─── Data for the task ───

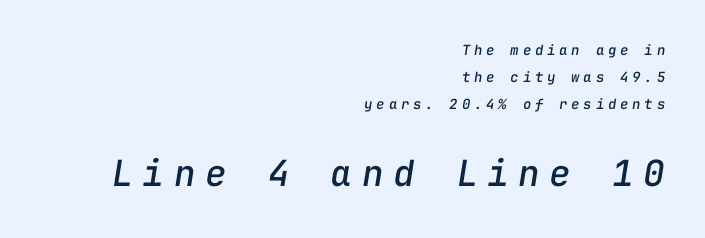
The image shows 36 px text type, italic (leaning right), monospaced; set right-aligned, loose line spacing (1.92x), unusually wide letter spacing (+0.27 em), not underlined; the second (bottom) block is 2.57x larger; low stroke contrast and a medium x-height.
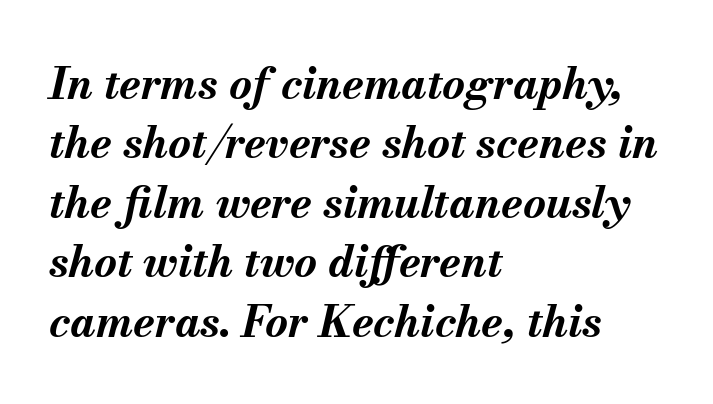
Inter-character spacing is left at the font's built-in metrics. If you drew a line through each stem, it would be angled. Regular leading. Think of a printed novel: that variable character pitch is what you see here. Where is the straight margin? On the left.
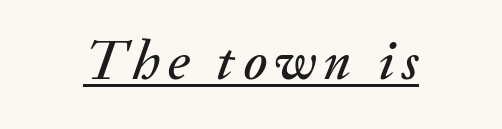
Q: Is the text italic (slanted)? A: Yes, it leans right by about 20 degrees.
Q: Is the text underlined? A: Yes.
Q: Width (condensed, normal, or wide)? A: Normal.
Q: Stroke contrast? A: Medium.
Q: x-height? A: Small.
Q: Monospaced? A: No.
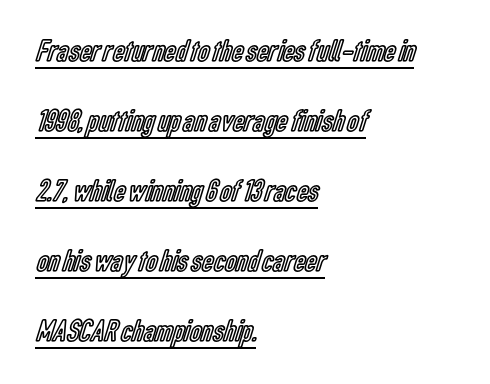
Q: Is the text italic (slanted)? A: Yes.
Q: Is the text underlined? A: Yes.
Q: How is the paragraph aligned? A: Left-aligned.
Q: Is the spacing between letters normal or unusually wide? A: Normal.
Q: Is the spacing between lines tight, normal or loose? A: Loose.
Q: Width (condensed, normal, or wide)? A: Condensed.
Q: x-height? A: Medium.
Q: Monospaced? A: No.
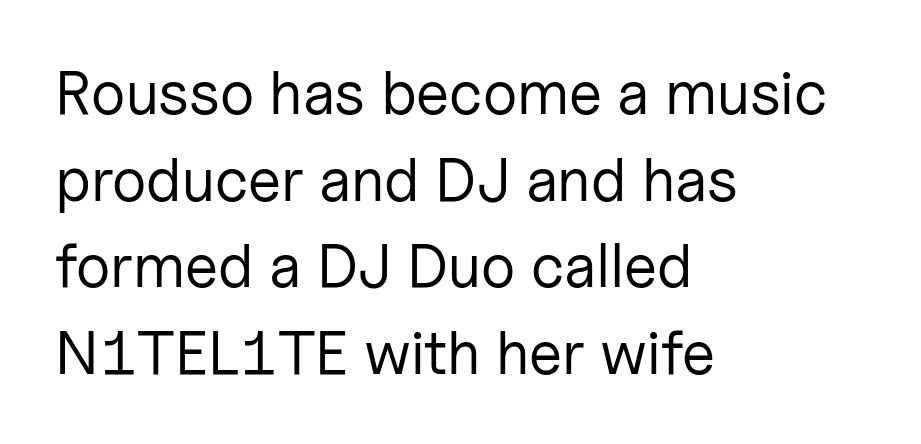
This sample keeps an unexceptional amount of space between lines. The typeface has the unassuming heft of standard copy or less. The letters advance in unequal steps, a hallmark of proportional type. Characters follow at the spacing the type designer built in. All the whitespace from short lines collects on the right. The zone under the glyphs is completely vacant.
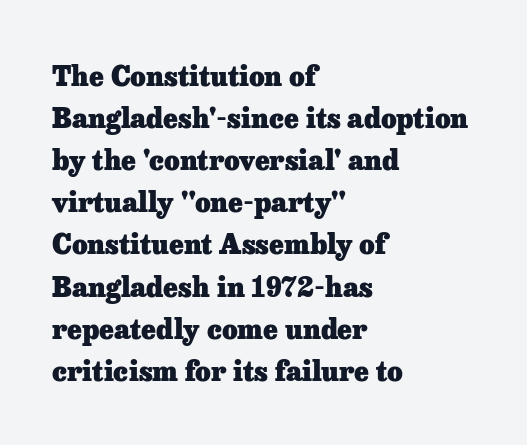
Nothing unusual about the tracking: characters are spaced as the font intends. Layout note: lines flush left. Does the lettering tilt? It doesn't — this is upright. The characters look thick and weighty, a clear bold. If you measured baseline to baseline, you'd find a middling distance. Underlining? Definitely not there.
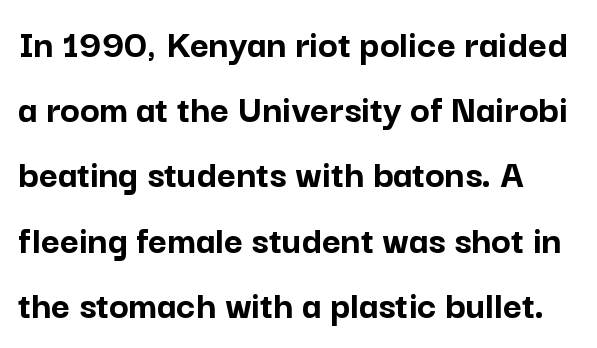
{"serif": "no", "italic": "no", "bold": "yes", "weight": "semibold", "width": "normal", "stroke_contrast": "low", "x_height": "medium", "monospaced": "no", "underline": "no", "line_spacing": "normal", "line_spacing_ratio": 1.59, "letter_spacing": "normal", "letter_spacing_em": 0.0, "glyph_px": 41}
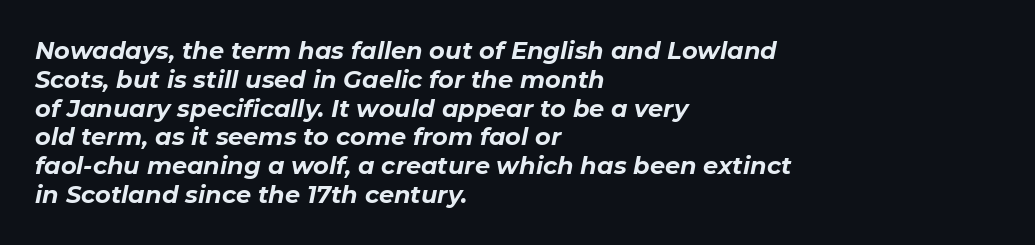
The gap between lines stays unmarked. Compared with a centered layout, this one pins lines to the left instead. It's the slanting kind of type. This is heavy type, rendered in bold. Nothing unusual about the tracking: characters are spaced as the font intends.
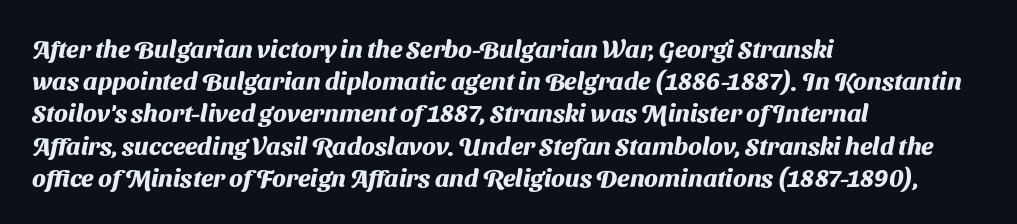
{"bold": "yes", "underline": "no", "align": "left", "line_spacing": "normal", "line_spacing_ratio": 1.29, "letter_spacing": "normal", "letter_spacing_em": 0.0, "glyph_px": 25}
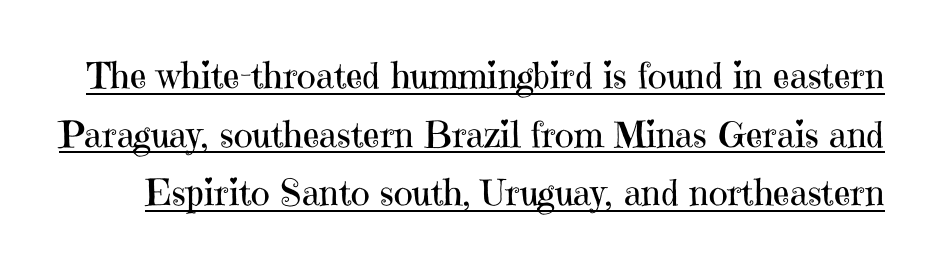
Q: Is the text bold? A: No.
Q: Is the text italic (slanted)? A: No, it is upright.
Q: Is the typeface a serif or a sans-serif typeface? A: Serif.
Q: Is the text underlined? A: Yes.
Q: Is the spacing between letters normal or unusually wide? A: Normal.
Q: Is the spacing between lines tight, normal or loose? A: Normal.
Q: Width (condensed, normal, or wide)? A: Normal.
Q: Stroke contrast? A: High.
Q: x-height? A: Medium.
Q: Monospaced? A: No.
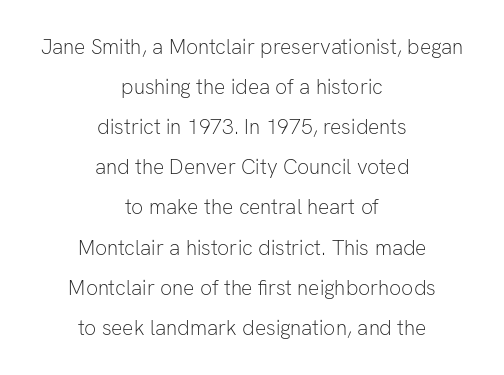
The image shows 21 px text type, upright; set centered, loose line spacing (1.91x), normal letter spacing, not underlined.
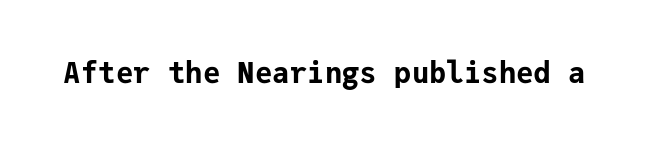
This sample uses a sans-serif face. Every stem runs plumb, perpendicular to the baseline. Caption: standard tracking, unaltered. A clean baseline with only descenders dipping below it.
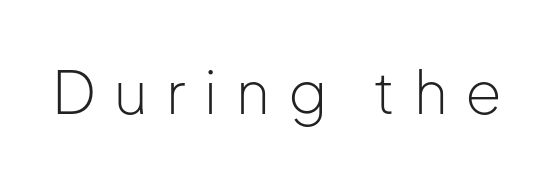
The image shows 59 px light sans-serif type, upright; set unusually wide letter spacing (+0.31 em), not underlined; low stroke contrast and a medium x-height.
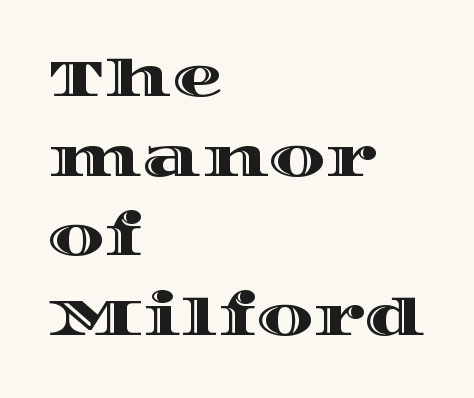
The image shows 51 px wide type, upright; set left-aligned, normal line spacing (1.56x), normal letter spacing, not underlined; a large x-height.
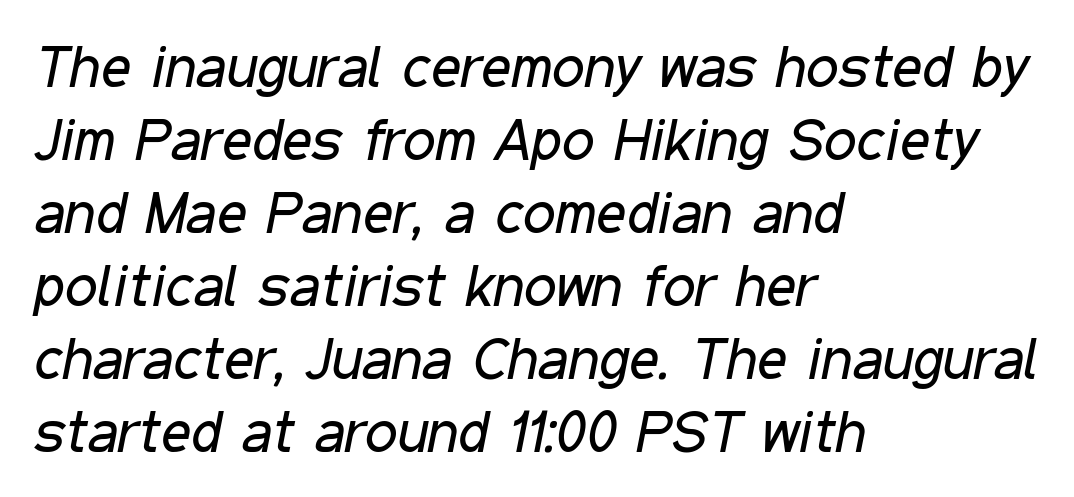
The image shows 58 px regular-weight, condensed type, italic (leaning right); set left-aligned, normal line spacing (1.26x), normal letter spacing, not underlined; low stroke contrast and a medium x-height.

───

● **Directions for this task**: What is needed here is an exact transcript of the data above, pictures excluded.

● **Response area**:
The image shows 36 px text type, italic (leaning right), monospaced; set right-aligned, loose line spacing (1.92x), unusually wide letter spacing (+0.27 em), not underlined; the second (bottom) block is 2.57x larger; low stroke contrast and a medium x-height.
Inter-character spacing is left at the font's built-in metrics. If you drew a line through each stem, it would be angled. Regular leading. Think of a printed novel: that variable character pitch is what you see here. Where is the straight margin? On the left.
Q: Is the text italic (slanted)? A: Yes, it leans right by about 20 degrees.
Q: Is the text underlined? A: Yes.
Q: Width (condensed, normal, or wide)? A: Normal.
Q: Stroke contrast? A: Medium.
Q: x-height? A: Small.
Q: Monospaced? A: No.
Q: Is the text italic (slanted)? A: Yes.
Q: Is the text underlined? A: Yes.
Q: How is the paragraph aligned? A: Left-aligned.
Q: Is the spacing between letters normal or unusually wide? A: Normal.
Q: Is the spacing between lines tight, normal or loose? A: Loose.
Q: Width (condensed, normal, or wide)? A: Condensed.
Q: x-height? A: Medium.
Q: Monospaced? A: No.
This sample keeps an unexceptional amount of space between lines. The typeface has the unassuming heft of standard copy or less. The letters advance in unequal steps, a hallmark of proportional type. Characters follow at the spacing the type designer built in. All the whitespace from short lines collects on the right. The zone under the glyphs is completely vacant.
Nothing unusual about the tracking: characters are spaced as the font intends. Layout note: lines flush left. Does the lettering tilt? It doesn't — this is upright. The characters look thick and weighty, a clear bold. If you measured baseline to baseline, you'd find a middling distance. Underlining? Definitely not there.
{"serif": "no", "italic": "no", "bold": "yes", "weight": "semibold", "width": "normal", "stroke_contrast": "low", "x_height": "medium", "monospaced": "no", "underline": "no", "line_spacing": "normal", "line_spacing_ratio": 1.59, "letter_spacing": "normal", "letter_spacing_em": 0.0, "glyph_px": 41}
The gap between lines stays unmarked. Compared with a centered layout, this one pins lines to the left instead. It's the slanting kind of type. This is heavy type, rendered in bold. Nothing unusual about the tracking: characters are spaced as the font intends.
{"bold": "yes", "underline": "no", "align": "left", "line_spacing": "normal", "line_spacing_ratio": 1.29, "letter_spacing": "normal", "letter_spacing_em": 0.0, "glyph_px": 25}
Q: Is the text bold? A: No.
Q: Is the text italic (slanted)? A: No, it is upright.
Q: Is the typeface a serif or a sans-serif typeface? A: Serif.
Q: Is the text underlined? A: Yes.
Q: Is the spacing between letters normal or unusually wide? A: Normal.
Q: Is the spacing between lines tight, normal or loose? A: Normal.
Q: Width (condensed, normal, or wide)? A: Normal.
Q: Stroke contrast? A: High.
Q: x-height? A: Medium.
Q: Monospaced? A: No.
The image shows 21 px text type, upright; set centered, loose line spacing (1.91x), normal letter spacing, not underlined.
This sample uses a sans-serif face. Every stem runs plumb, perpendicular to the baseline. Caption: standard tracking, unaltered. A clean baseline with only descenders dipping below it.
The image shows 59 px light sans-serif type, upright; set unusually wide letter spacing (+0.31 em), not underlined; low stroke contrast and a medium x-height.
The image shows 51 px wide type, upright; set left-aligned, normal line spacing (1.56x), normal letter spacing, not underlined; a large x-height.
The image shows 58 px regular-weight, condensed type, italic (leaning right); set left-aligned, normal line spacing (1.26x), normal letter spacing, not underlined; low stroke contrast and a medium x-height.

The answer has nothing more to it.